# Configure GPG-Agent for different applications (cli/gui)

## norg

I use GPG 2.X with GPG-Agent and Pinentry. It's working fine, although there are still some annoying issues.

I use Thunderbird+Enigmail so i need to use pinentry-qt/gtk, because pinentry-curses won't popup when i want to decrypt a mail. I also use mcabber where i would like to use the built-in GPG Handling but i always get pinentry popup. It's working but first of all it's a cli application and i would prefer pinentry-curses there. The other thing is, everytime i change my status in mcabber or i had my 24h disconnect and i'm reconnecting i have to enter my passphrase again with pinentry. 

Gajim somehow can save the GPG as long as it's running without asking again after disconnects or status change.

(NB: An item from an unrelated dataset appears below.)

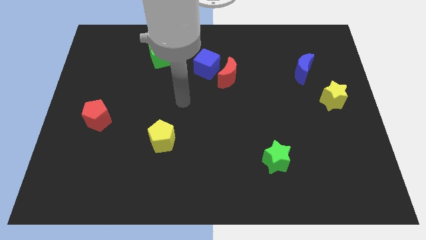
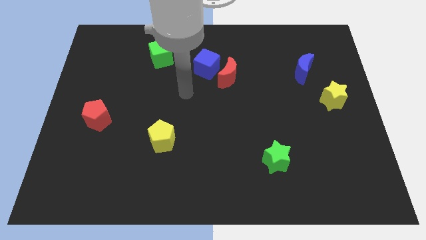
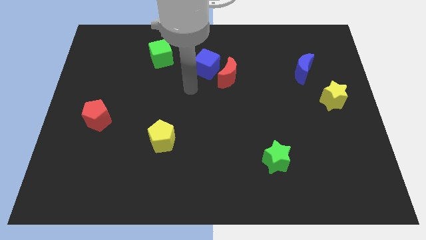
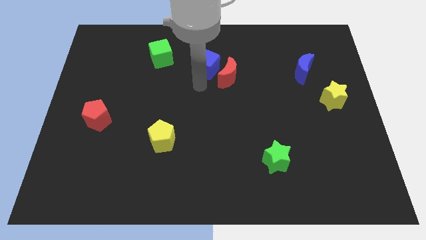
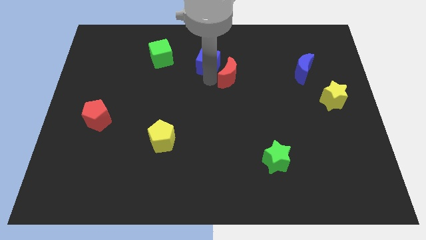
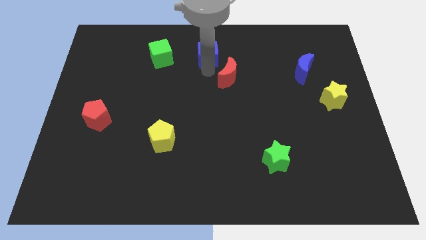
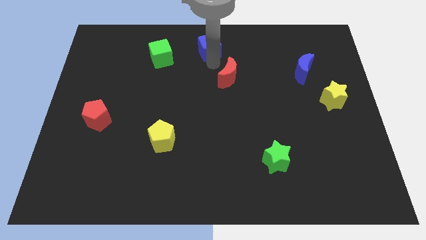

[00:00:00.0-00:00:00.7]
pull the red moon apart from the blue cube

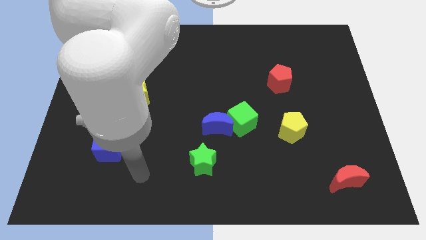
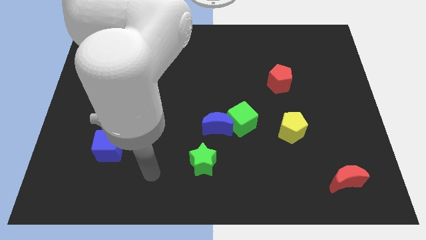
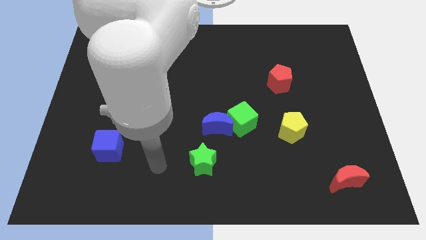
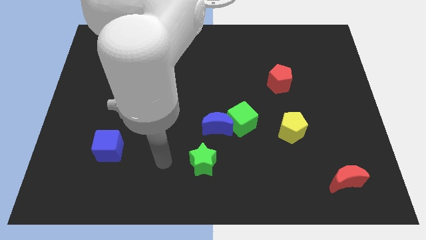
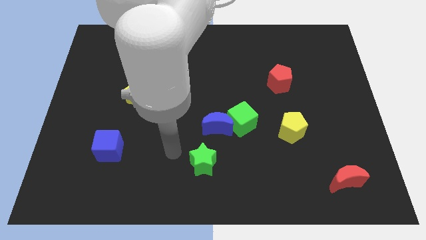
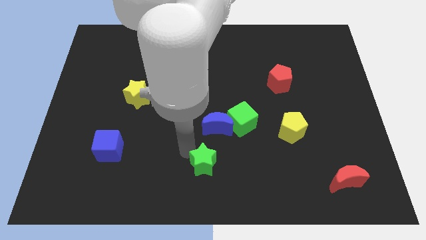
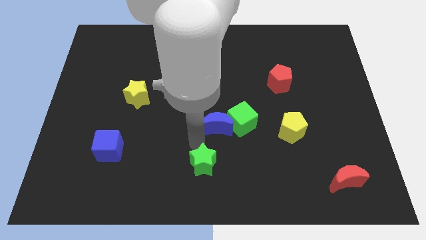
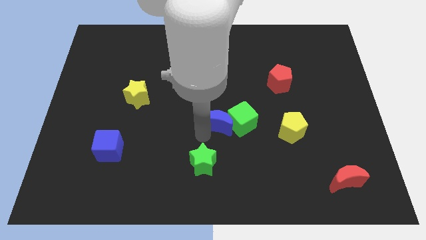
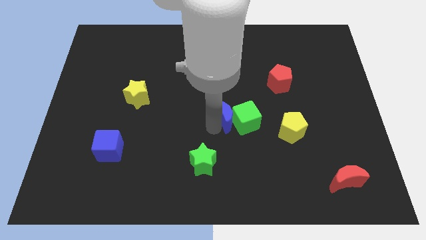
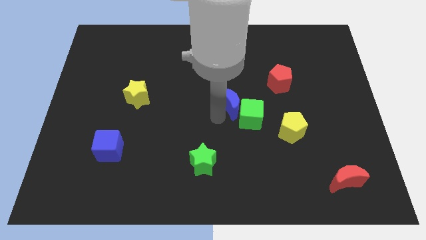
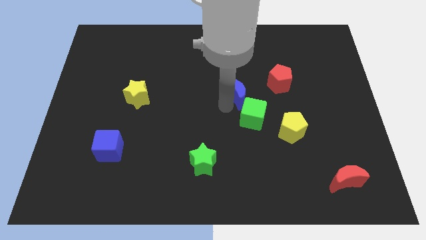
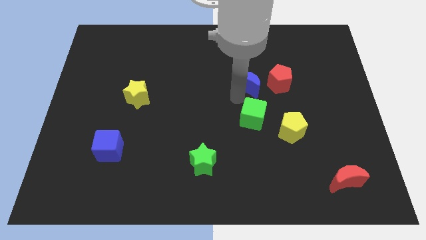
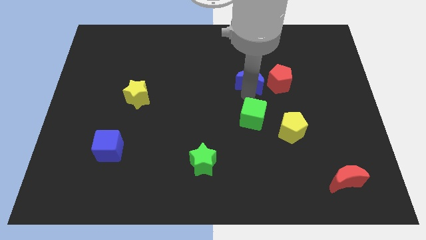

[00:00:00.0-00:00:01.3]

Thunderbird also seems to open his own instance of gpg-agent, i tried checking "use gpg-agent' on and off but when i start thunderbird i can see a second gpg-agent under "ps".

edit: ok the gpg-agent behaviour in thunderbird with enigmail seems to be a bug:

http://www.amiryan.org/2009/04/22/bugfix-howto-turn-off-gpg-agent-usage-in-enigmail-thunderbird/

edit2: if i install gnupg-1.4.10 mcabber is working as expected, i can enter my passphrase and it's cached for mcabber. On a debian system i have seen that gnupg-1.* and gnupg-2.* are both installed. Maybe there should be a way for gentoo to have both versions installed.

So is there any way i can get rid of this? I want different gpg-agent settings for the applications or the possibilty to deactivate gpg-agent for some applications so i can use the gpg handling of the application itself.

----------

## norg

2012 and still the same issue :/

Is there no chance to get a seperated gnupg1 and gnupg2 unless i use my own overlay/ebuilds?

or does anyone know a workaround with mcabber and gnupg2 to prevent this?

----------